You spend an awful lot of characters on this board to try desperately not been seen in agreement with Dems/libs. I don't know why. You're clearly not "far right" (like so many here.)
It is also the case that the pro-Ukraine movement was spontaneous and largely non-partisan and not an expression of "anti-Trump". Only those who'd already thrown in for putin were fully against it. Just search for "republicans with Ukraine flag pins" in your favorite search engine. When I did that I found the *Republican* chair of the Senate Armed Services Committee wearing one during the nomination hearing for Pete Hegseth just last month.
Because I'm a stickler for consistency...and I see the democrats as being more inconsistent than the republicans at the current juncture.

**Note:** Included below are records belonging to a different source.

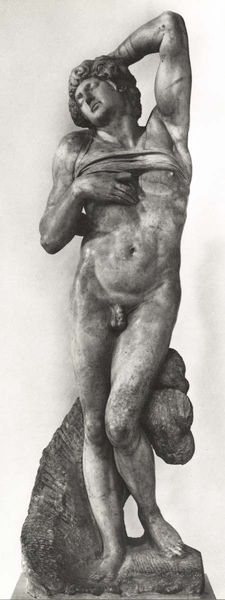
Titel: Sterbender Sklave
Künstler: Michelangelo
Institution: Paris, Musée du Louvre
Schlagwörter: kopf, mann, nackt, sockel, stein, figur, haare, pose, skulptur, welle, muskeln, bauch, entblößt, armbewegung, spielbein, standbein, statur, atm, mann nackt skulptur muskeln, skulptur antike mann traum entblößt
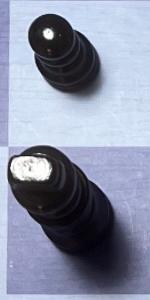
Label: King_Black
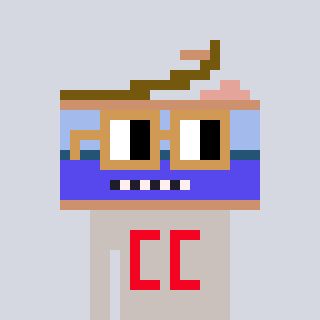
a pixel art character with square brown glasses, a canned ham-shaped head and a foggrey-colored body on a cool background
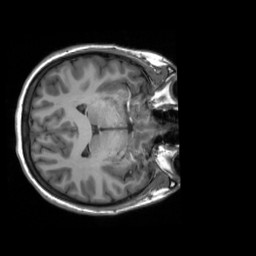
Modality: T1w
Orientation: axial
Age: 31
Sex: female
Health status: ill
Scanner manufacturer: siemens
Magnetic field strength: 3 T
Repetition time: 2.3 s
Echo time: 0.00201 s
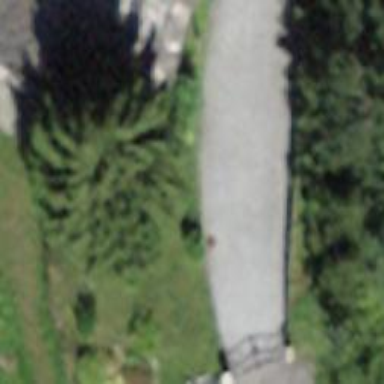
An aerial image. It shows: Driveway with excellent grade track.
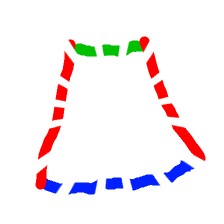
Shape: trapezoid
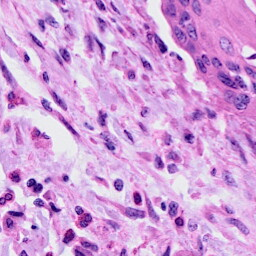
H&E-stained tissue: Cervix
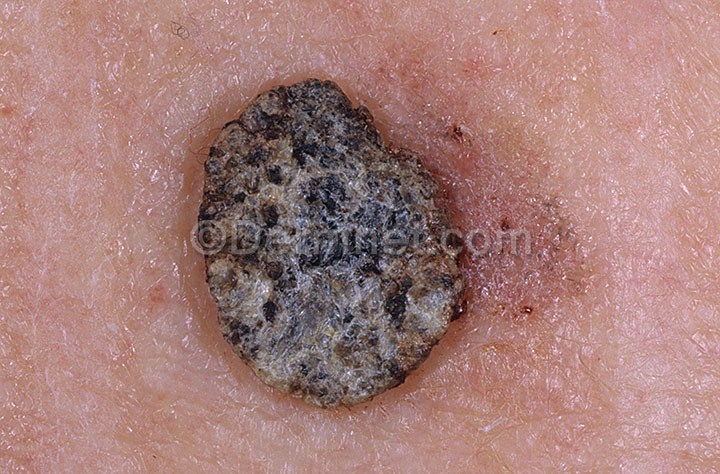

I have a lot of issues with the Republicans, but at least it's not a series of moving targets based on whether or not one guy (Trump) likes or dislikes something.
That's what I see as the critical difference between Democrats and Republicans in present times. Republicans aren't under any misapprehensions about their opposition being limited to "just one guy" (IE: "If we just got this one person out of there, we'd have no more opposition"). Democrats do seem to be under that misconception.
To the degree where they'll regularly label certain Republicans as the "good ones" that they absolutely despised a few years ago. Nowadays, they almost speak fondly of Mitt Romney and John McCain...two guys they bashed like crazy not that long ago.
It's almost like they're under the impression that "If Trump were out of the way, the GOP would just revert to picking a bunch of squishes that we can easily beat". They see Trump as a "cause" rather than a "symptom".
To the other part
Something can be spontaneous but based misguided reasoning. Speaking personally, all of my friends/family that are staunchly 'pro-Ukraine against Russia' didn't seem to have that 'come to Jesus' moment until after it was already well-implanted in their psyche that 'Russia is the reason why Trump won in 2016'. They've definitely expressed the notion that "It's important to help Ukraine beat Russia, because Russia meddled in our 2016 election and helped Trump beat Hillary"
Which comes across as "It's important to help the people who are fighting against the people who stopped us from getting what we want, domestically"
As far as it being non-partisan, "anti-Trump at all costs" folks on the left and John Bolton/Lindsey Graham types on the right, isn't exactly what I'd call a durable form of bipartisanship. At best, it's a strange bedfellows situation where two opposing factions want the same thing, but for very different reasons.